The narrator returns to Harlem to discover a riot taking place which was incited by a high-ranking member of the Brotherhood named Ras. Ras points the finger of blame at the narrator for the riot, and the narrator is forced to run away. Instead of escaping, he falls down a manhole and explains that he has remained there since that day.

In order to live a full life, the narrator knows he’ll have to leave the underground. That day, he says, has arrived.


Now we know what the book is about — what does it mean?

Here was a description of what the book means from The New York Times obituary for Ralph Ellison dated April 17, 1994:

“Mr. Ellison’s seminal novel, Invisible Man, which was written over a seven-year period and
published by Random House in 1952, is a chronicle of a young black man’s awakening to
racial discrimination and his battle against the refusal of Americans to see him apart from his
ethnic background, which in turn leads to humiliation and disillusionment.

Invisible Man has been viewed as one of the most important works of fiction in the 20th century, has been read by millions, influenced dozens of younger writers, and established Mr. Ellison as one of the major American writers of the 20th century.”


Here’s what publisher Penguin-Randomhouse has to say about the classic:

“From the moment of its publication in 1952, Invisible Man generated the impact of a cultural tidal wave. Here was a pioneering work of African-American fiction that addressed not only the social but the psychic and metaphysical, components of racism: the invisibility of a large portion of this country’s populace and the origins of that invisibility in one people’s willed blindness and another’s habit of self-concealment.
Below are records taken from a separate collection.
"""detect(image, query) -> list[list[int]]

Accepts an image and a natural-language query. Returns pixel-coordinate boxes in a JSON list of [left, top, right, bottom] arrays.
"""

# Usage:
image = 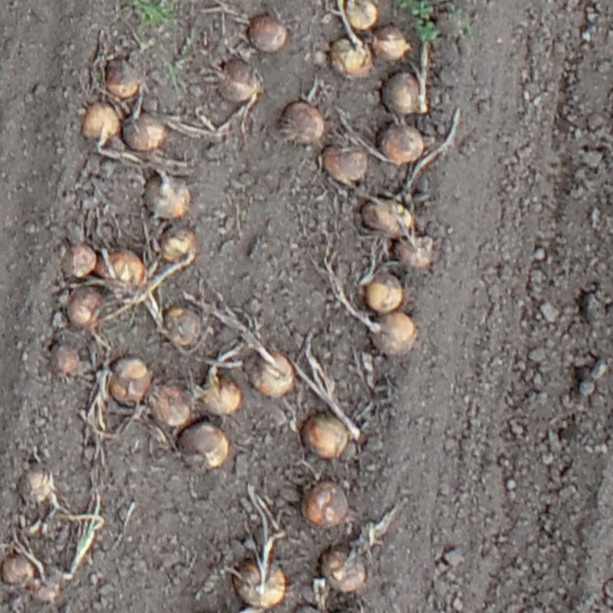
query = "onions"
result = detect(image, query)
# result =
[[378, 124, 421, 164], [372, 29, 409, 60], [123, 116, 163, 152], [28, 576, 61, 600], [396, 233, 433, 269], [381, 73, 421, 115], [147, 175, 189, 215], [246, 349, 291, 397], [47, 339, 91, 376], [321, 143, 366, 184], [278, 101, 323, 145], [157, 227, 194, 262], [102, 66, 138, 101], [324, 547, 368, 592], [80, 104, 120, 142], [177, 421, 227, 466], [378, 203, 413, 237], [2, 551, 35, 587], [107, 357, 151, 404], [302, 413, 347, 458], [330, 38, 371, 76], [216, 58, 257, 102], [62, 243, 96, 278], [201, 378, 241, 415], [368, 311, 414, 354], [246, 13, 285, 53], [366, 203, 389, 228], [233, 559, 284, 605], [341, 0, 379, 28], [361, 273, 400, 311], [19, 467, 54, 503], [64, 289, 102, 328], [101, 251, 141, 287], [160, 303, 202, 347], [154, 383, 194, 426], [302, 483, 349, 527]]

But Ellison had created far more than a commentary on race. He had attempted to decipher the cruel and beautiful paradox that is America, a country founded on high ideals and cold-blooded betrayals. And he sent his naive hero plunging through almost every stratum of this divided society, from an ivy-covered college in the deep South to the streets of Harlem, from a sharecropper’s shack to the floor of a hellish paint factory, from a millionaire’s cocktail party to a communist rally, from church jubilees to street riots. Along the way, Ellison’s narrator encounters the full range of strategies that African-Americans have used in their struggle for survival and dignity–as well as all the scams, alibis, and naked brutalities that whites have used to keep them in their place.
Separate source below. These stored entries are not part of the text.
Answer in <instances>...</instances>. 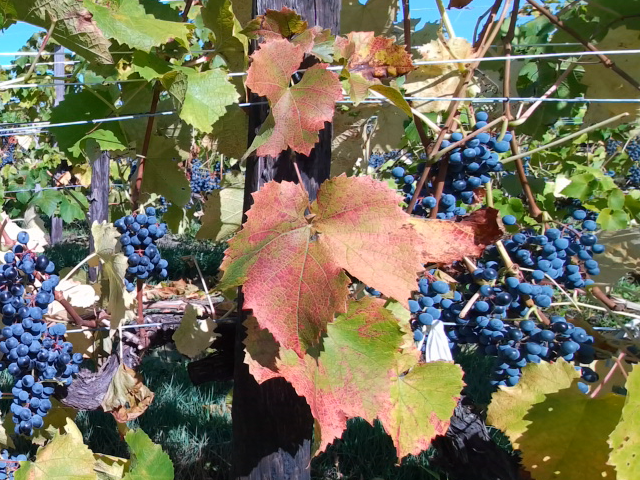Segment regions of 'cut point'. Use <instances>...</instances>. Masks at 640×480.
Wrapping results in <instances>:
<instances>
[{
  "mask_svg": "<svg viewBox=\"0 0 640 480\" xmlns=\"http://www.w3.org/2000/svg\"><path fill=\"white\" fill-rule=\"evenodd\" d=\"M452 120L455 121L459 125V128L461 129V133H464V127L462 126V122L459 121V119L454 117V116H453Z\"/></svg>",
  "mask_w": 640,
  "mask_h": 480,
  "instance_id": "cut-point-2",
  "label": "cut point"
},
{
  "mask_svg": "<svg viewBox=\"0 0 640 480\" xmlns=\"http://www.w3.org/2000/svg\"><path fill=\"white\" fill-rule=\"evenodd\" d=\"M540 212L542 213V221H541V233L545 232V228L547 225V217L549 219V222L553 225V226H557V223L554 222V220L552 219V216L550 215V213H548L547 211L544 210H540Z\"/></svg>",
  "mask_w": 640,
  "mask_h": 480,
  "instance_id": "cut-point-1",
  "label": "cut point"
}]
</instances>

In his prose, Ellison managed to encompass the entirety of the American language–black and white, high-brow and low-down, musical, religious, and jivey–and reshape it to his own ends. In “Invisible Man,” he created one of those rare works that are a world unto itself, a book that illuminates our own in ways that are at once hilarious and devastating.”


What do I think?

I think society sometimes uses aspects of our lives (like gender, race, social status, level of education, sexual orientation) to place people into tidy boxes or make them invisible like the narrator in Ellison’s novel.

One way to combat this evil is to know that we’re not alone as we travel through life. We’re all in this together. We see each other and acknowledge each other’s strengths and weaknesses.

We are seen and appreciated for our uniqueness by the communities we create. It’s a big responsibility.

And that was a big first step. Now, on to the next!